Por tanto, Europa está reaccionando.
La incógnita es temporal: si desarrollará suficientes capacidades propias antes de que cambie sustancialmente la disponibilidad estadounidense para sostener la defensa europea.
Incrementar presupuestos es relativamente rápido. Construir fábricas, producir municiones, desarrollar sistemas complejos, formar personal y crear cadenas logísticas requiere años.
FRAGMENTACIÓN Y CAPACIDAD DE DECISIÓN
Europa posee una escala económica comparable a la de una gran potencia, pero no funciona políticamente como un Estado continental único.
Veintisiete gobiernos mantienen prioridades fiscales, energéticas, industriales, militares y electorales diferentes.

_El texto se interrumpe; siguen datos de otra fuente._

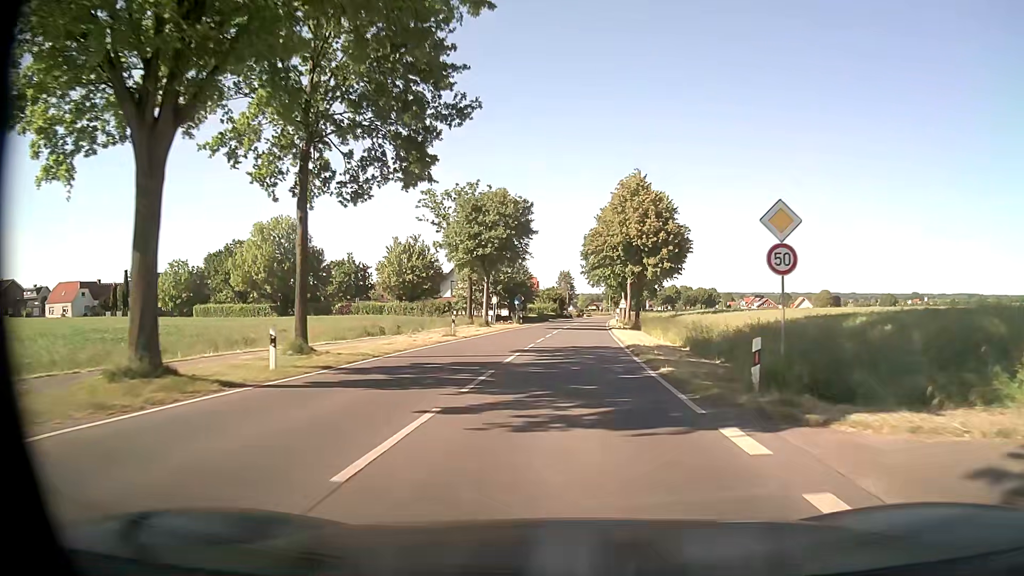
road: tertiary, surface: asphalt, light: Day
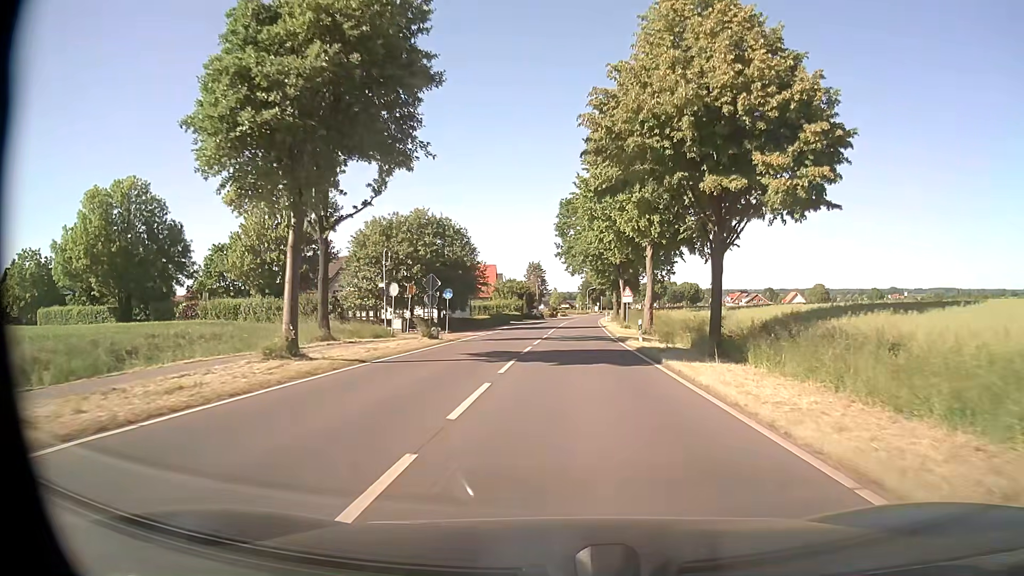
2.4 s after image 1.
(+0.6, +33.3) m; +3°
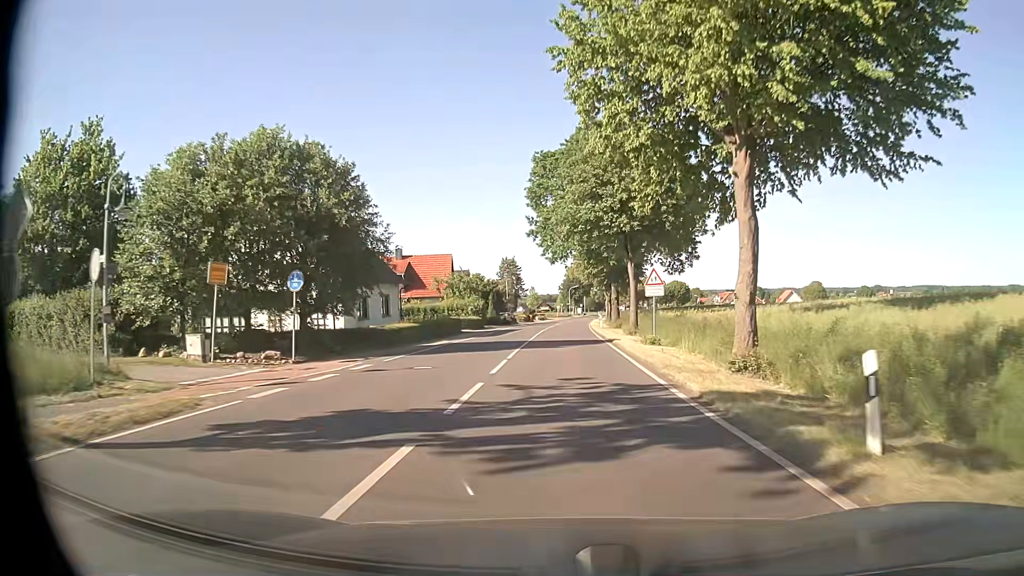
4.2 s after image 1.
(+0.4, +23.9) m; +2°
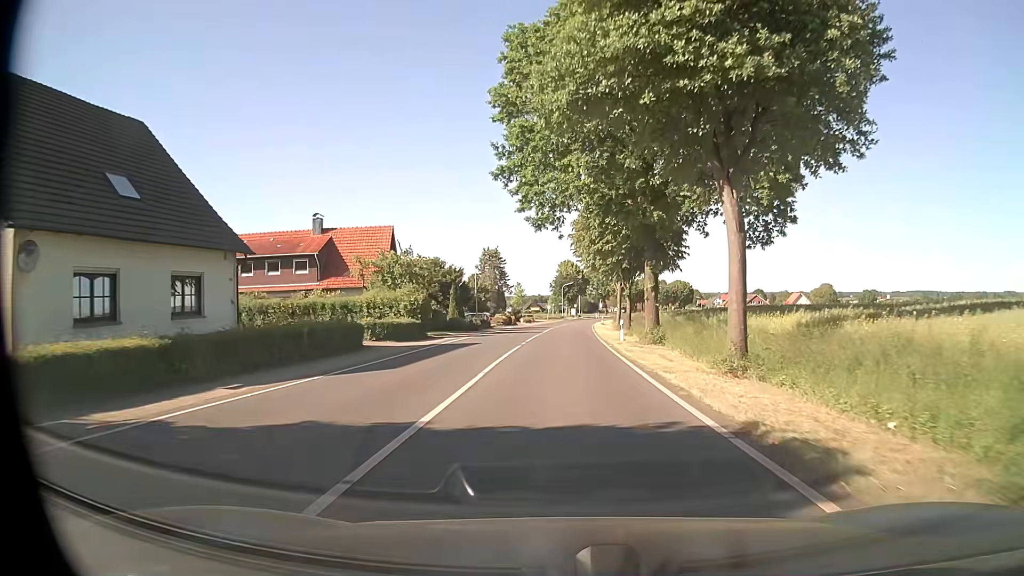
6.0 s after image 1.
(+0.1, +24.5) m; 0°
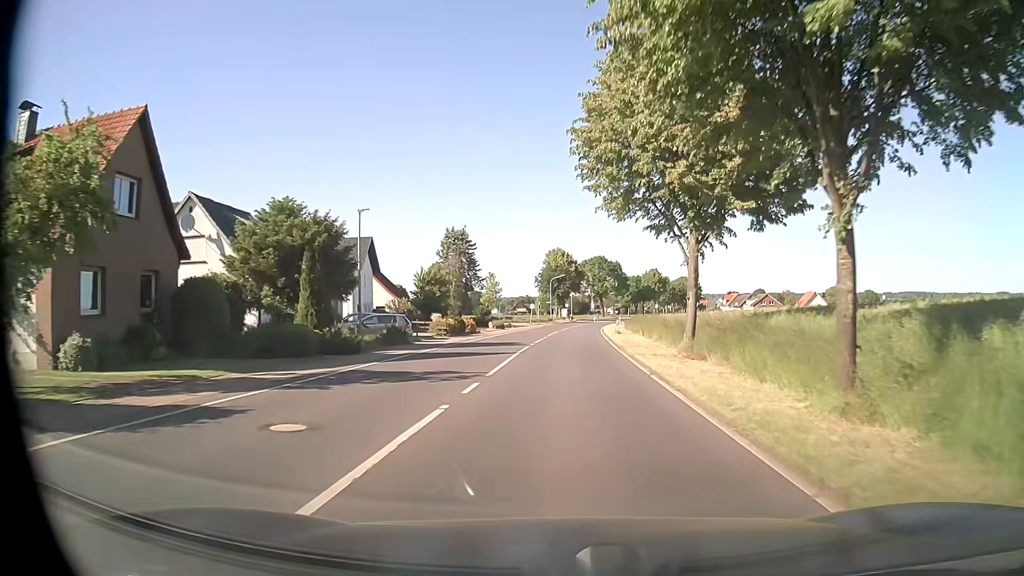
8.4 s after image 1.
(+0.2, +32.7) m; +1°
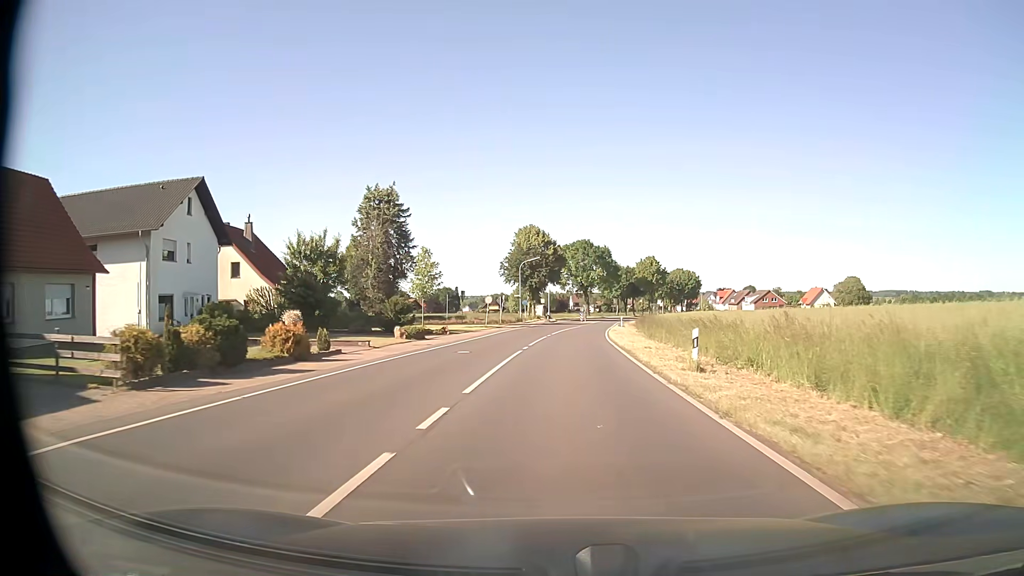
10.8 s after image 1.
(+0.5, +32.5) m; +2°
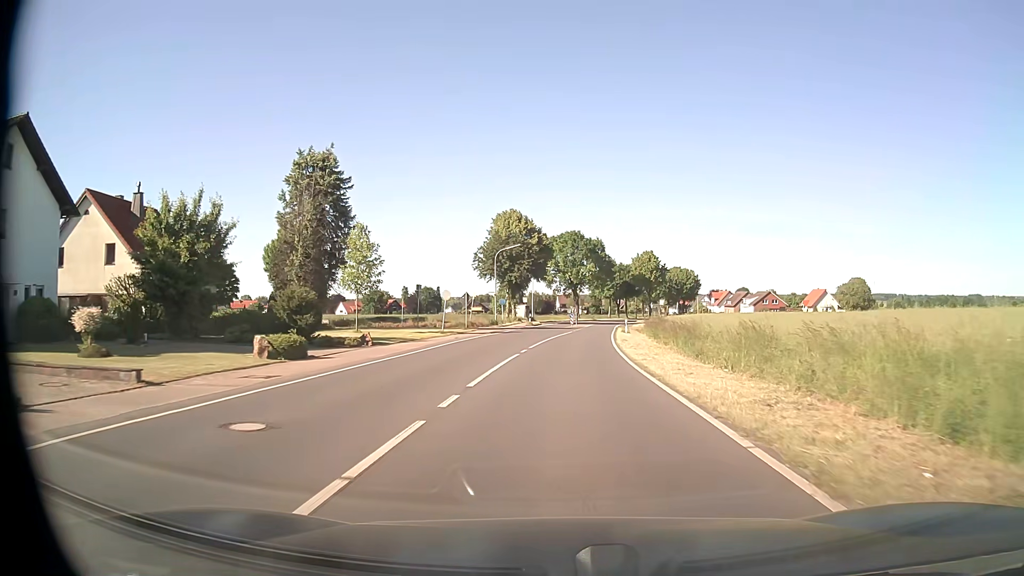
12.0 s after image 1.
(+0.2, +16.2) m; +1°
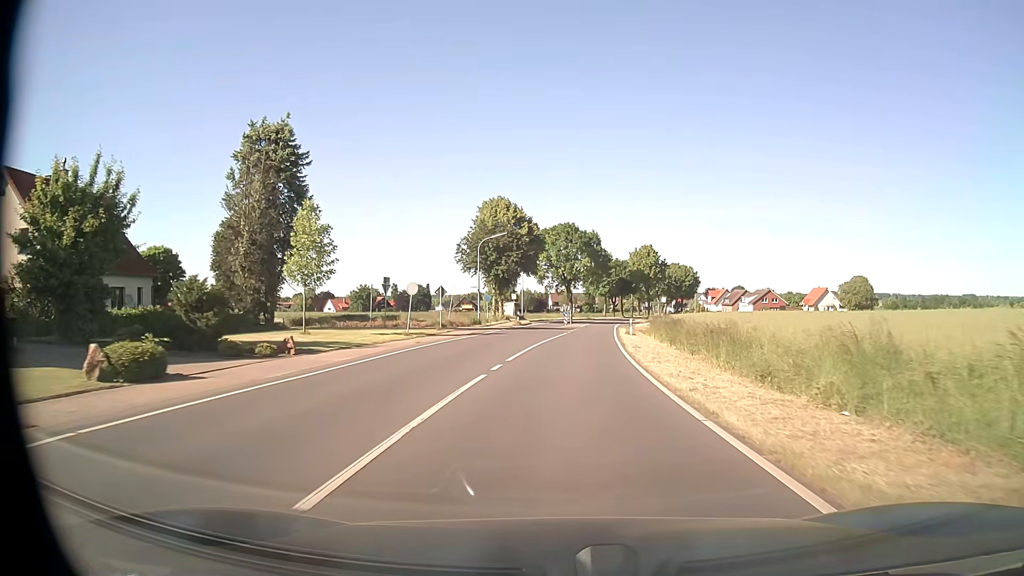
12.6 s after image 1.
(0.0, +8.1) m; +1°
(0, +10) (0, +20) (+1, +30) (+2, +40) (+2, +50) (+3, +60) (+4, +70) (+6, +80) (+7, +90) (+9, +100) m

Esta pluralidad tiene ventajas democráticas claras. Estratégicamente, puede producir lentitud cuando una crisis exige concentración rápida de recursos y decisiones.
Estados Unidos y China pueden movilizar instrumentos estatales desde un único centro político. Europa normalmente necesita negociación entre múltiples centros de poder.
En periodos normales esa diferencia puede ser manejable.
Durante una competición tecnológica, energética o militar acelerada, la velocidad de decisión se convierte en una forma de poder.
COHESIÓN INTERNA
La variable más difícil de medir es la cohesión política.
Las democracias pueden absorber niveles elevados de conflicto político. El problema comienza cuando segmentos significativos de la población dejan de aceptar las instituciones, las reglas comunes o la legitimidad de los resultados políticos.
Las tensiones económicas, la desigualdad territorial, las dificultades de integración, el envejecimiento y la presión sobre servicios públicos pueden aumentar esa vulnerabilidad.
No existe evidencia para afirmar que Europa haya alcanzado ese punto.
Sí existen razones para considerar la cohesión social y la confianza institucional como variables estratégicas que deben vigilarse.
EVALUACIÓN INTEGRADA
El escenario de riesgo no depende de una sola crisis.
El problema aparece si se desarrolla una secuencia acumulativa:
menos nacimientos → menor población activa → mayor presión fiscal → menor capacidad inversora → crecimiento más débil → dificultades para financiar bienestar y defensa → aumento del conflicto distributivo → menor capacidad política para adoptar reformas difíciles.
Si simultáneamente Europa pierde competitividad energética y tecnológica, el círculo puede reforzarse.
Éste sería el mecanismo más plausible de declive.
No una caída espectacular.
Una pérdida gradual de capacidad.
CONCLUSIÓN ESTRATÉGICA
Europa conserva recursos suficientes para evitar este escenario. Tiene capital, conocimiento científico, industrias avanzadas, instituciones consolidadas, un enorme mercado interior y una capacidad militar que actualmente está creciendo con rapidez.
Por eso afirmar que Europa necesariamente caerá sería incorrecto.
La cuestión estratégica es si puede transformar esos recursos en poder efectivo con suficiente rapidez.
Durante las próximas dos décadas habrá que observar especialmente cinco variables: demografía, productividad, energía, tecnología y defensa. A ellas debe añadirse una sexta que condiciona todas las demás: capacidad política para adoptar decisiones colectivas difíciles antes de que las crisis obliguen a adoptarlas.
Si Europa mejora esas variables, seguirá siendo uno de los principales centros mundiales de poder.
Si no lo hace, puede continuar siendo próspera mientras pierde autonomía estratégica y capacidad para determinar las reglas internacionales.
Ese es el escenario de declive europeo que los datos actuales permiten considerar seriamente.